Actually, Dr. Burns is not the only medical doctor who has begun to question that simplistic notion. Julian Whitaker, MD, is a practitioner of "alternative medicine", a writer of a monthly newsletter on health and exercise, and no friend of smoking. However, in the October, 1995, issue of his newsletter, "Health and Healing", Doctor Whitaker writes:

"Since 1950, the incidence of all cancers in people between the ages of 50 and 60 years has increased by 44%, with even higher increases in some of the more deadly forms of cancer. Breast and colon cancer went up 60%, prostate up 100% and testicular cancer for men between the ages of 28 and 35 went up 300%. Lung cancer has gone up 262%, an increase that is obviously not related to cigarette smoking, because over the same period the number of people smoking cigarettes dropped from 50% to 25%..."

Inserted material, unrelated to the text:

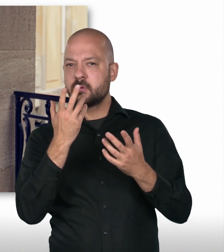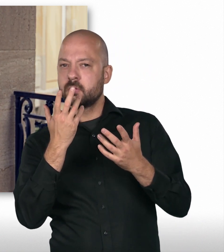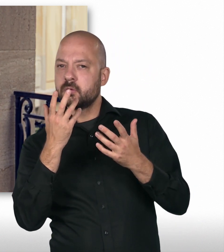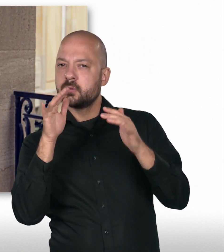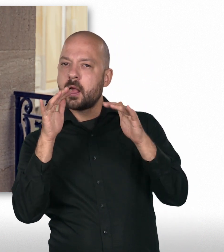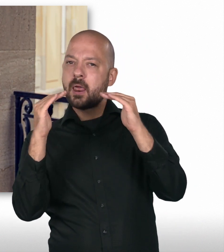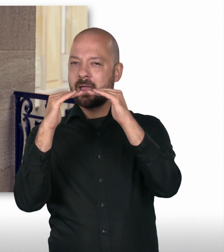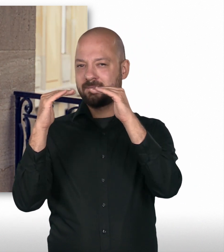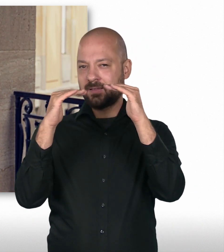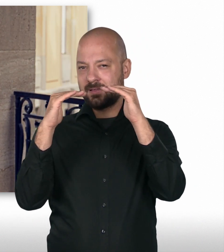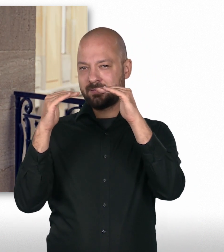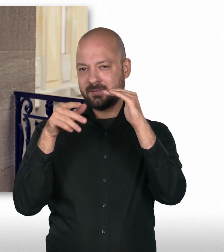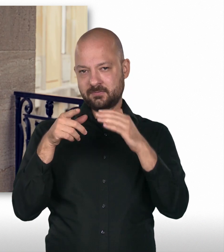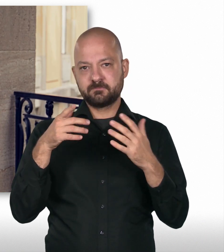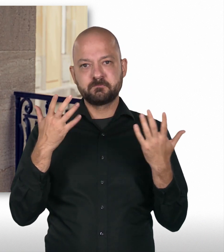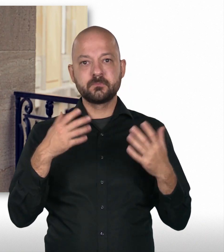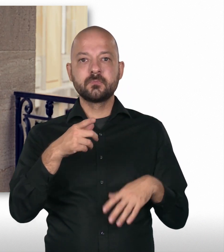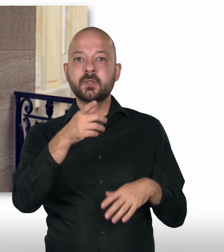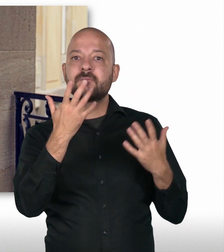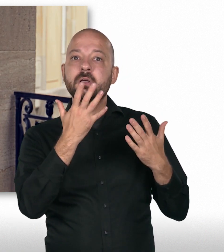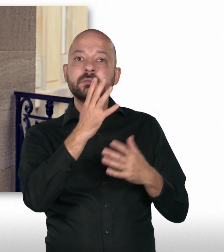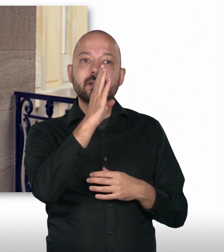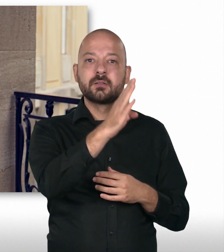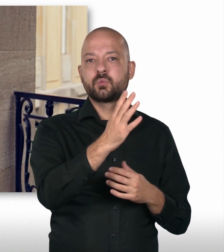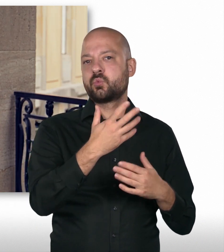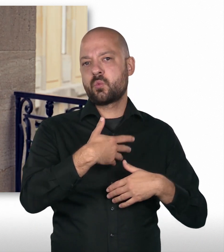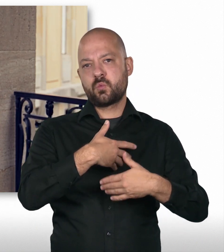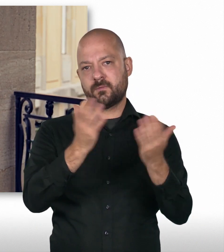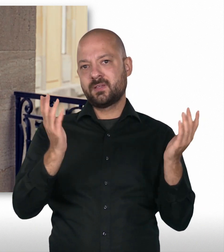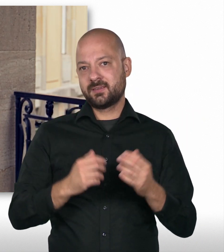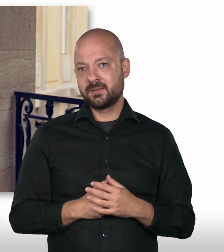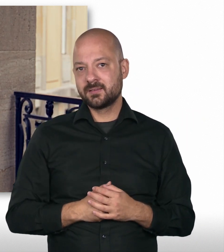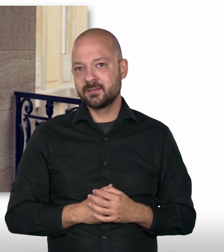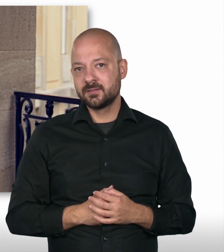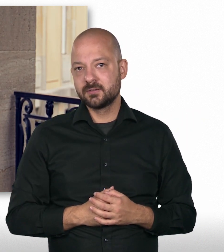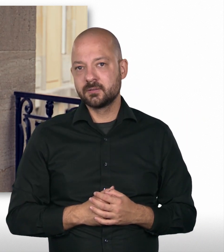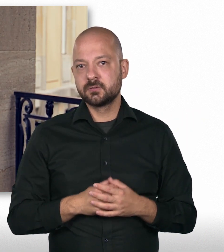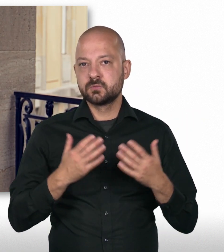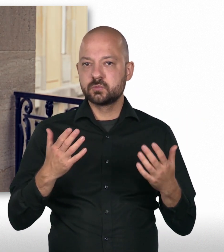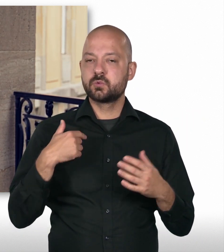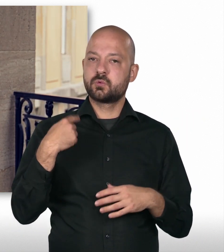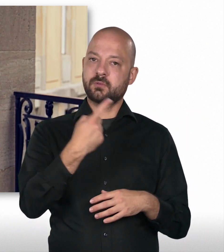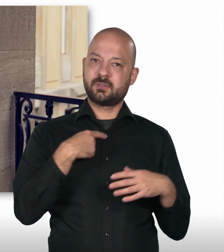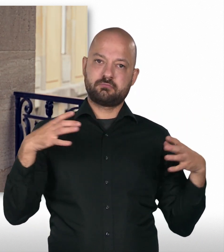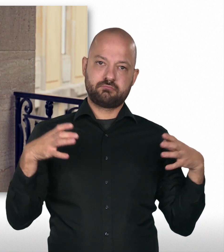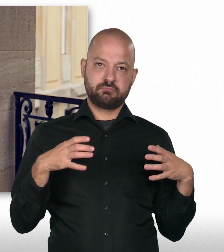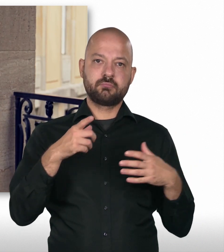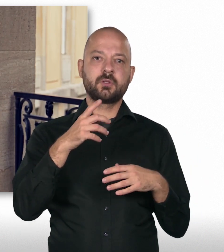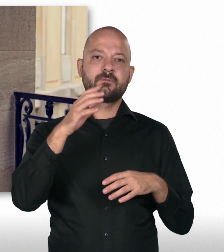um in den höheren Dienst eintreten zu können. Aber die Studienrichtung genau ist vollkommen offen. Wir haben auch in unserer Crew von

Doctor Whitaker expresses no opinion as to the reasons for the startling increases in cancer in recent years. I, however, have an opinion. Medicine, over the past 40 years, has grown more and more socialized. As late as 1950, people were largely responsible for paying their own medical bills, and doctors hesitated to order expensive tests and treatments for those who couldn't pay the bills.

Today, almost all medical procedures are paid for by insurance or by federal funds, through Medicaid and Medicare. Physicians, therefore, have a strong incentive to order every possible test and treatment, because they know that they will be paid for doing so. As a result, there are no more undiagnosed cases of cancer. Every case is always diagnosed. This will, in my opinion, show up in future years, in the form of statistics which show a leveling off of the number of cancer cases. Only time will prove whether I'm right or wrong.